Figure 6 GLCM for Homogeneity, Mean, Dissimilarity and Entropy: (A) Homogeneity; (B) Mean; (C) Dissimilarity; (D) Entropy.

2.4.3. Edge features

In image processing, the edge of the image is the region where the most obvious gray value changes could be seen. Image edge detection can reduce the amount of data significantly and retain important structural attributes in the image (Zhao and Du, 2016). Here we use Sobel to detect the image edge. The transverse and longitudinal Sobel convolution factors are shown in formula(5) and formula(6), respectively, and the experimental results are shown in Figure 7:

\begin{array}{l} {sobel}_{x} = [\begin{matrix} - 1 & 0 & 1 \\ - 2 & 0 & 2 \\ - 1 & 0 & 1 \end{matrix}] & (5) \end{array}

\begin{array}{l} {sobel}_{y} = [\begin{matrix} - 1 & 2 & - 1 \\ 0 & 0 & 0 \\ 1 & 2 & 1 \end{matrix}] & (6) \end{array}

FIGURE 7

Figure 7 Edge detecting based on Sobel.

2.5 The improved U-Net with dual-way branch

The structure of improved network is shown in Figure 8. The network input is composed of two input terminals. The upper end is the hyperspectral image data after PCA dimensionality reduction, and the other end is the manually extracted NDVI, GLCM and the data image of edge features obtained by Sobel through concat operation, all sized by 512 × 512 × 6. The backbone network is U-Net, which has 4 times up-sampling and 4 times down-sampling. For the multi-source data input, the model uses a feature extraction module combining residual structure and depthwise separable convolution in the down-sampling process. After each down-sampling, the concat operation is used for feature fusion first. Then the spectral spatial semantic features and texture detail semantic features, which are extracted from multi-source data by hierarchical fusion of shared decoder, are used to improve the inter class difference and intra class consistency, and help the model to maintain the fine granularity between the edges of vegetation categories during the scale restoration of feature map. In the up-sampling phase, restore the feature map through 2×2 up-sampling, then carry on concat feature fusion of shallow features and deep features by skip connection. Among them, deep features of the up-sampling part are extracted by the feature extraction module. Finally, the soft classifier is used to judge the category of pixels.

FIGURE 8

Figure 8 The dual-way input model based on improved U-Net.

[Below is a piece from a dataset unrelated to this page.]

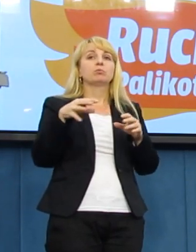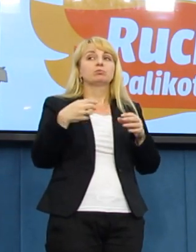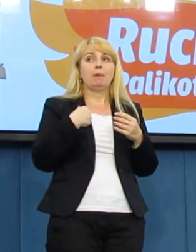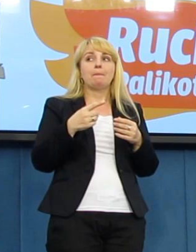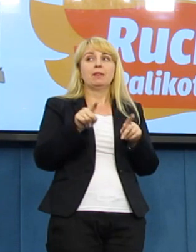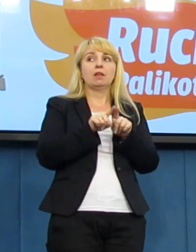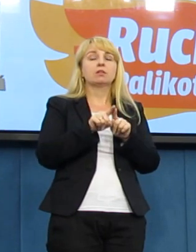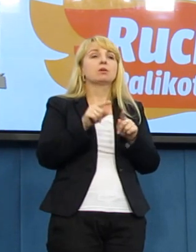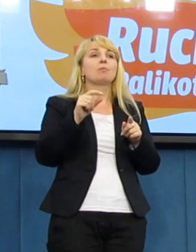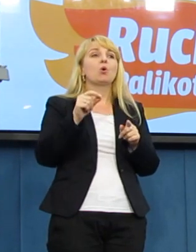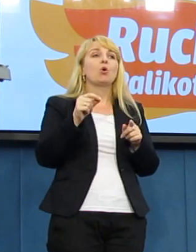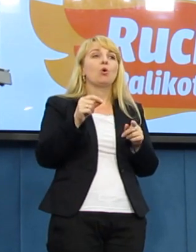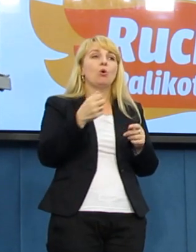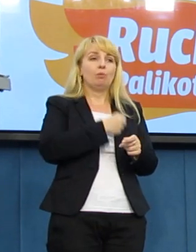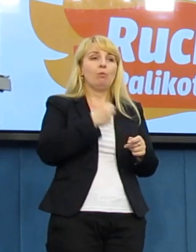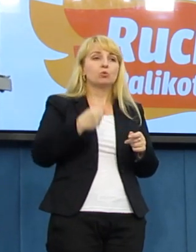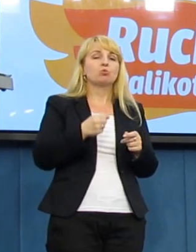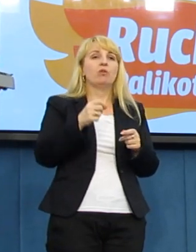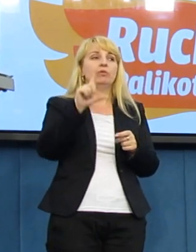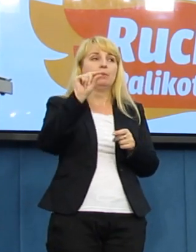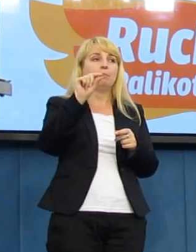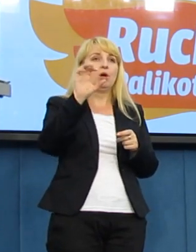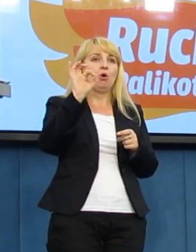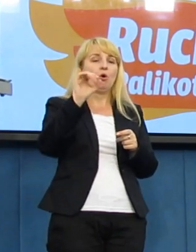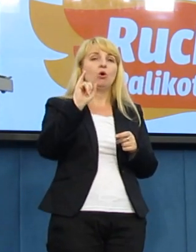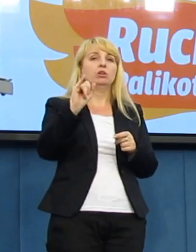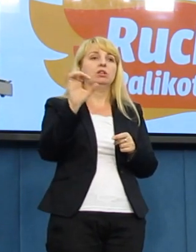Platformy Obywatelskiej i SLB.

3. Experiments and results analysis

The computer used in the experiment is configured as NVIDIA Quadro RTX 5000, Intel(R) Core™ I9-1085h. Under Windows operating system, based on PyCharm2019.2.3, using python3.7, run the experiment through pytorch framework. In the experiment, the hyperspectral image after PCA dimensionality reduction is divided into 512 × 512, and divided into training set and test set according to the ratio of 8:2. Set the sample set of batch training to 4, the maximum number of training iterations to 600, and the initial learning rate of the network to 0.0001. When the epoch is equal to 100, the learning rate becomes 0.0001, which makes the network find the local optimal solution; The initial weight is the pre-training weight of ImageNet.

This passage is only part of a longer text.